Томас зажал ладонью свободное ухо, чтобы заглушить шум транспорта, и сказал в телефон:
— Это Томас Найт. Ты занята?
— Я вожу студентов по Чичен-Ице, — ответила Дебора. — Если честно, небольшой перерыв мне не помешает. Как у вас дела?
Томас рассказал об операции, о том, что, но крайней мере пока, все выглядит обнадеживающим.
— Хорошо, — просто сказала Дебора.
— Но я хотел кое о чем тебя спросить.
— Валяй.
— Ты мне говорила, что много лет назад поспорила с преподавателем литературы относительно авторства пьес Шекспира, — сказал Томас. — Не помнишь, в чем была суть вашего спора?
— Помню, но есть много специалистов, которые объяснят это куда более квалифицированно, чем я.
— Давай скажем так: в настоящий момент я не знаю, могу ли доверять всем этим людям, — ответил Томас. — В деле с утерянной пьесой каждому шекспироведу есть что приобрести или потерять. Поэтому просто расскажи то, что помнишь.
— Ладно. Но это мой коронный номер. Я к нему прибегаю, когда хочу произвести впечатление на каком-нибудь званом приеме. Так что отнесись к нему с изрядной долей скептицизма и прими во внимание, что я пытаюсь чревовещать за своего преподавателя.
— Давай выкладывай, — сказал Томас, переходя на крик, поскольку мимо прокатилась тяжелая фура, гудя клаксоном.
— Я прочитала книгу о некоем графе Оксфордском, жившем в семнадцатом веке, — начала Дебора. — Эдварде де Вере. В те дни он считался самым вероятным кандидатом на авторство пьес Шекспира. Его сторонники называют себя оксфордианцами.
— Верно.
— Ты ведь у нас поклонник «Западного крыла», так? — спросила Дебора.
— Что?
— Фильм «Западное крыло». Мартин Шин. Ты его смотрел, когда я навещала тебя в больнице.
— Ну да. Точно.
— Что ты подумал бы, если бы я сказана, что человек, который написал сценарий…
— Аарон Соркин, — перебил ее Томас.
— Совершенно верно, Аарон Соркин, — согласилась Дебора. — Так вот, он якобы просто не мог придумать такой сюжет, потому что никогда даже близко не подходил к Белому дому и не имел никакого опыта в политике и юриспруденции? Допустим, я конкретно продемонстрировала бы, что многие эпизоды, вроде бы написанные им, показывают реальные события. В них принимали участие настоящие люди, которых Соркин просто не мог знать, представители администрации Ричарда Никсона?
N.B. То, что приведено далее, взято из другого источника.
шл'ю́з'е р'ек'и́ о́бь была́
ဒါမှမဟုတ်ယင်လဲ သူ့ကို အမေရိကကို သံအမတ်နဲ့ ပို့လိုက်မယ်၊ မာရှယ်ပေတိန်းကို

Томас крепче прижал телефон к уху и спросил:
— Так кто же написал все это?
— Единственный человек, который обладал нужными связями, знал, как работает правительство, подноготную всех тех, кто выведен в сценарии, это бывший президент Ричард Никсон собственной персоной.
— Подожди! К тому времени как телесериал вышел в эфир, Никсона уже не было в живых.
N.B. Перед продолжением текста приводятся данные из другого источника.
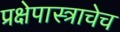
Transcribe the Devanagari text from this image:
प्रक्षेपास्त्राचेच
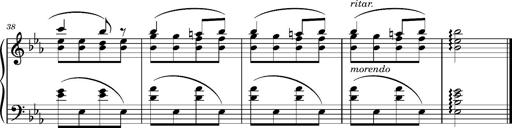
Title: Andantino pour Emile et Charlotte Loudon
Composer: Franz Liszt
Key: E-flat major
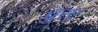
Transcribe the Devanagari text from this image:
धुरए
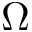
\boldsymbol { \Omega }
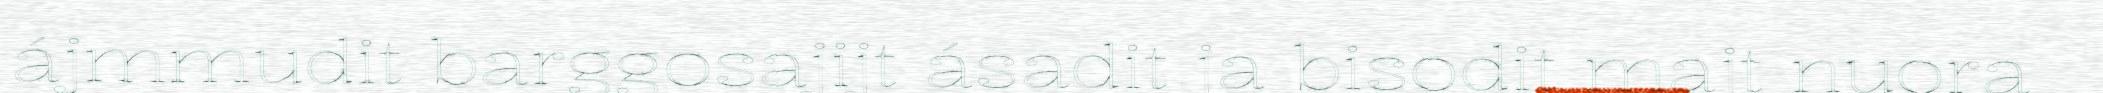
ájmmudit barggosajijt ásadit ja bisodit majt nuora
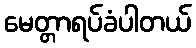
မေတ္တာရပ်ခံပါတယ်
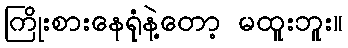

— Вот в чем гениальный ход. Никсон не мог допустить, чтобы стало известно о его контактах с телевидением, особенно потому, что он собирался раскрыть правду о своих бывших коллегах, поэтому сценарий был написан тайно. Он получил гонорар вперед, но в контракте было четко прописано, что сериал сможет выйти в эфир только после его смерти.
— Но… — Томас тряхнул головой. — Извини. Это просто безумие.
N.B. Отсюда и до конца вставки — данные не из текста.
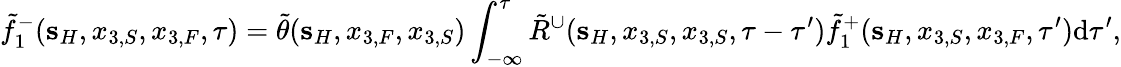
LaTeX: \tilde{f}_{1}^{-}({\mathbf s}_{H},x_{3,S},x_{3,F},\tau)=\tilde{\theta}({\mathbf s}_{H},x_{3,F},x_{3,S})\int_{-\infty}^{\tau}\tilde{R}^{\cup}({\mathbf s}_{H},x_{3,S},x_{3,S},\tau-\tau^{\prime})\tilde{f}_{1}^{+}({\mathbf s}_{H},x_{3,S},x_{3,F},\tau^{\prime})\mathrm{d}\tau^{\prime},
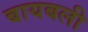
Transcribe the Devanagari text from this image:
बायबली
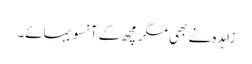
زاہدہ نے بھی مگر مچھ کے آنسو بہائے۔
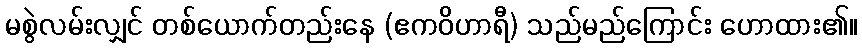
မစွဲလမ်းလျှင် တစ်ယောက်တည်းနေ (ဧကဝိဟာရီ) သည်မည်ကြောင်း ဟောထား၏။
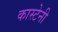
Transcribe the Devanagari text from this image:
कास्टेनी
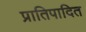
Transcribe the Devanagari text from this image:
प्रातिपादित
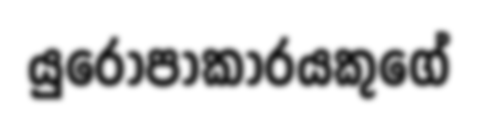
යුරෝපාකාරයකුගේ
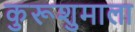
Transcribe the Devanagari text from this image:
कुरूशुमाला
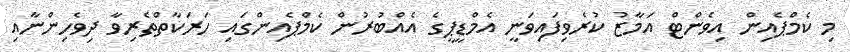
މި ކެމްޕެއިން އިވެންޓް އަމާޒު ކުރެވިފައިވަނީ އެމްޑީޕީގެ އެއްބުރުން ކެމްޕެއިންގައި ހަރަކާތްތެރިވާ ދިވެހިންނާއި
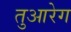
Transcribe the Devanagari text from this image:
तुआरेग

— Совершенно верно, — согласилась Дебора. — Но примерно таковы доводы оксфордианцев относительно авторства Шекспира. За всем этим стоит плохое знание истории, оригинальных текстов, высокомерие, бредовые теории заговоров и желание заявить о себе. На мой взгляд, тут нет ни крупицы здравого смысла, и я не думаю, что одна-единственная новая пьеса могла бы что-либо изменить.
— Так говорил твой преподаватель литературы?
— Он воспользовался другой аналогией, но суть была той же самой.